In Python, str and Unicode are in the process of encoding and decoding. Suppose a STR is encoded directly into a code that decodes str into Unicode first,
With the default encoding, the general default encoding is ANSCII, so there will be an error when the first conversion in the sample code is shown above.
When you set the current default encoding to ' GBK ', there is no error.
As for Reload (SYS), this method is removed sys.setdefaultencoding after initialization of Python2.5. We need to load it again.
It is generally not recommended to use this. Reload are supposed to avoid the use of functions.

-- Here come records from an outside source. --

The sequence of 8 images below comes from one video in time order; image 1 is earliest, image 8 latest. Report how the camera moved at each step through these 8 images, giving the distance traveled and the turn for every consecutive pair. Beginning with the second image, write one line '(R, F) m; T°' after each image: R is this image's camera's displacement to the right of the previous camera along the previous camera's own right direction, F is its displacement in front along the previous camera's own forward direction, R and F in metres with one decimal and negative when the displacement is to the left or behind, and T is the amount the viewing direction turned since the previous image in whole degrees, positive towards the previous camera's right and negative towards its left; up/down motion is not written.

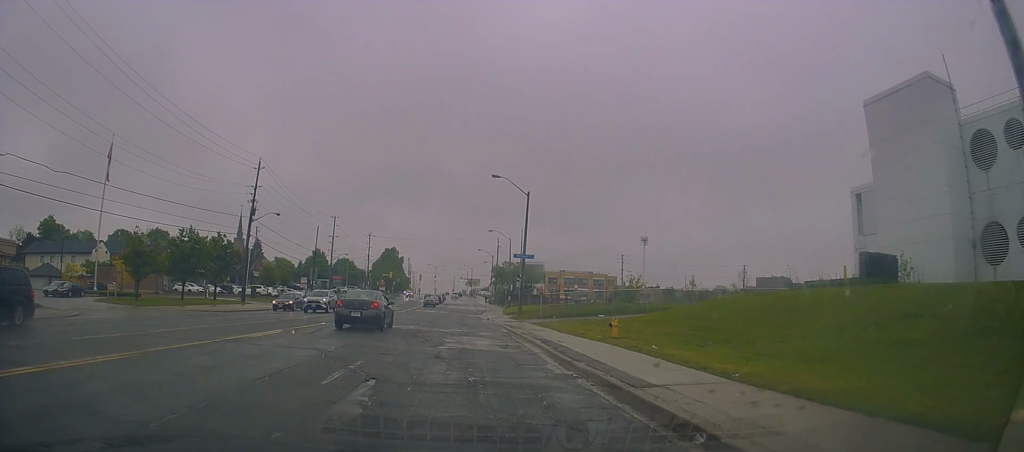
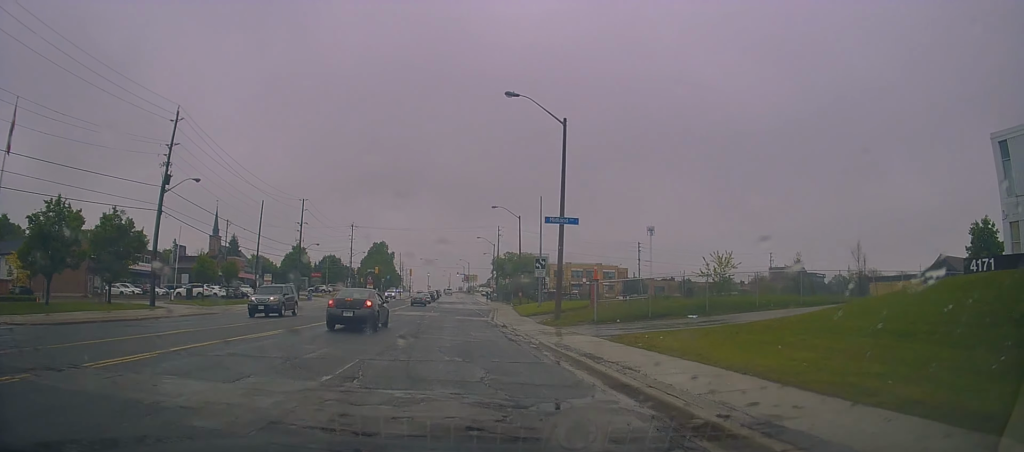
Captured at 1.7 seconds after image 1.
(-0.2, +19.2) m; +2°
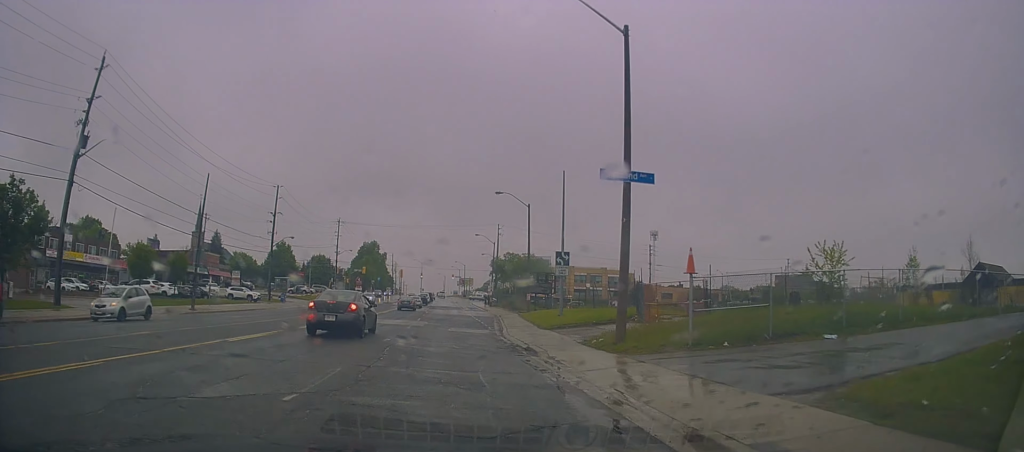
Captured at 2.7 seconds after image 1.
(+0.3, +11.5) m; -1°
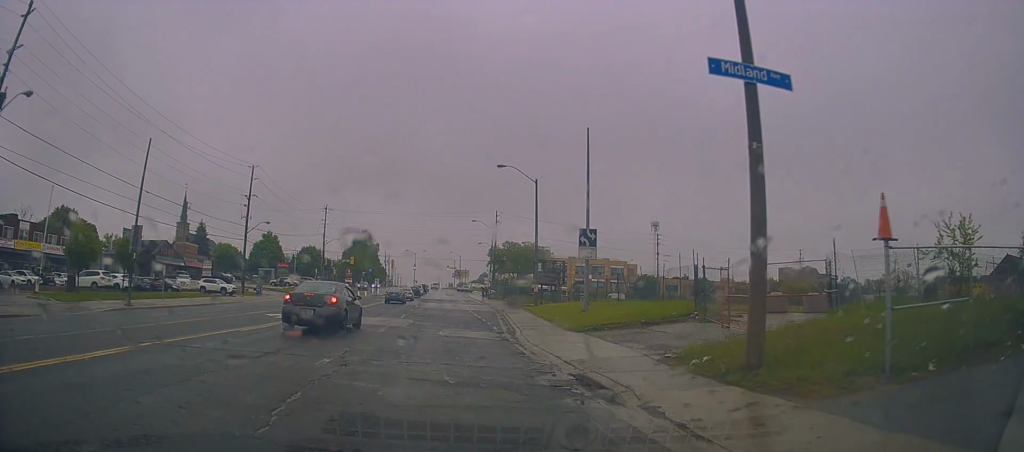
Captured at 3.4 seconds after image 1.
(-0.4, +7.8) m; 0°
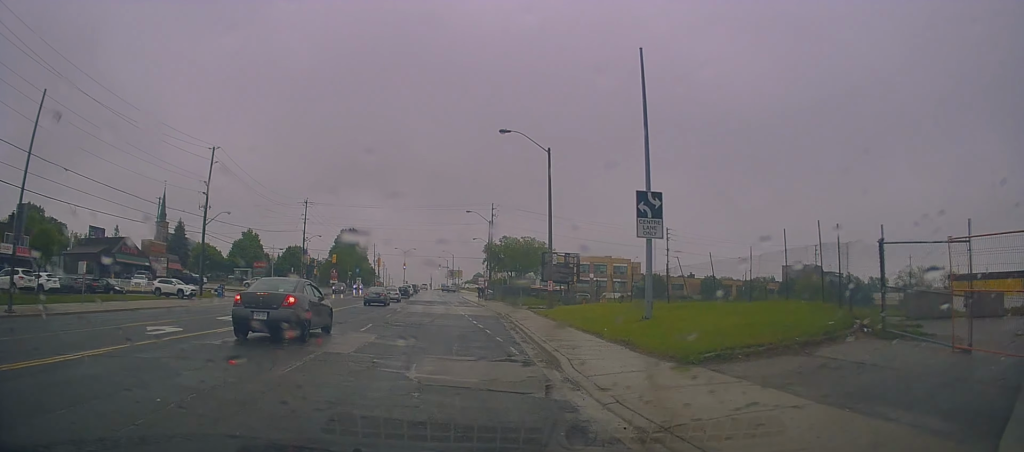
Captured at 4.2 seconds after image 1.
(+0.2, +9.7) m; +2°
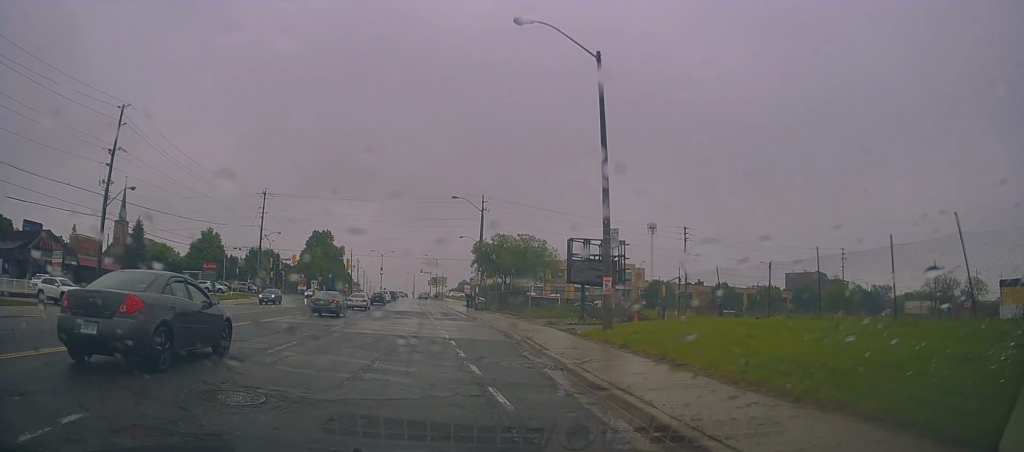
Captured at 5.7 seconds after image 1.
(+0.3, +15.9) m; +2°
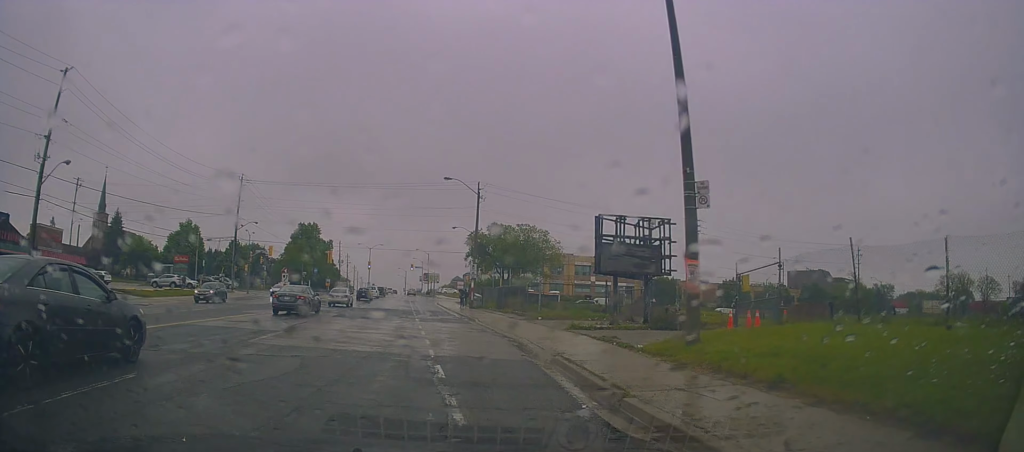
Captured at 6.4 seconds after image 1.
(+0.2, +7.5) m; +1°
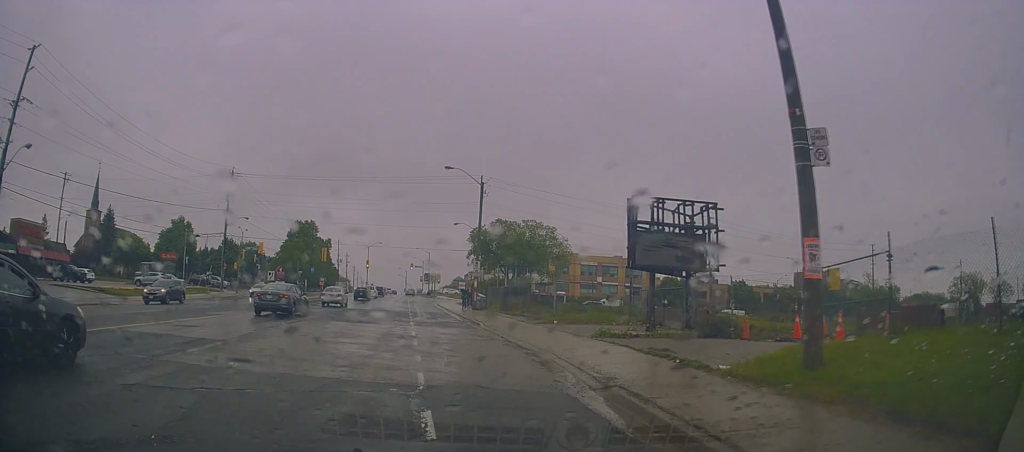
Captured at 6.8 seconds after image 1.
(0.0, +4.4) m; -1°

You may also experience this issue with files that manipulate encoded formats for different files
Create a file test.txt, file format with ANSI, content:
ABC Chinese
And then use Python to read
# CODING=GBK
Print open ("Test.txt"). Read ()
Result: ABC Chinese
Change the file format to UTF-8:
Result: ABC Juan Po, apparently. Here we need to decode:
# CODING=GBK
Import Codecs
Print open ("Test.txt"). Read (). Decode ("Utf-8")
Result: ABC Chinese
The above test.txt I use EditPlus to edit. But when I edit the UTF-8 format with the Notepad that comes with Windows,
Executive Times Error:
Traceback (most recent):
File "chinesetest.py", line 3, in
Print open ("Test.txt"). Read (). Decode ("Utf-8")
Unicodeencodeerror: ' GBK ' codec can ' t encode character U ' \ufeff ' in position 0:illegal multibyte sequence
Originally, some software, such as Notepad. When you save a file that is encoded with UTF-8,
Three invisible characters (0xEF 0xBB 0xBF, or BOM) are inserted where the file starts.
So we need to remove these characters when we read them. The codecs module in Python defines this constant:
# CODING=GBK
Import Codecs
data = open ("Test.txt"). Read ()
if data[:3] = = codecs. Bom_utf8:
data = Data[3:]
Print Data.decode ("Utf-8")
Result: ABC Chinese
Finally, sometimes the code is right, but it encounters illegal characters. For example, a source error that produces a string occurs. Error values are introduced, and then the exception is encountered again
For example, full-width spaces are often implemented in many different ways. For example, \xa3\xa0, or \xa4\x57,
These characters. All appear to be full-width spaces. But they're not "legit" full-width spaces.
The true full-width space is \xa1\xa1, so an exception occurred during transcoding.
In the past, when processing Sina Weibo data. An illegal space problem was encountered that prevented the data from being parsed correctly.
The workaround:
The string to be fetched is strtxt done decode. Indicate ignore. Illegal characters are ignored,
Of course, for GBK and other encodings, the same approach to dealing with the same problem is similar
Strtest = Strtxt.decode (' utf-8 ', ' ignore ')
return Strtest
The default number of references is strict, which represents an exception when an illegal character is encountered;
The assumption is set to ignore. The illegal characters are ignored;
The assumption is set to replace. It will be used?
instead of illegal characters;
If set to Xmlcharrefreplace, the character reference of the XML is used.
Other later encountered again summed up .....
Python character encoding processing problem summary completely smash garbled!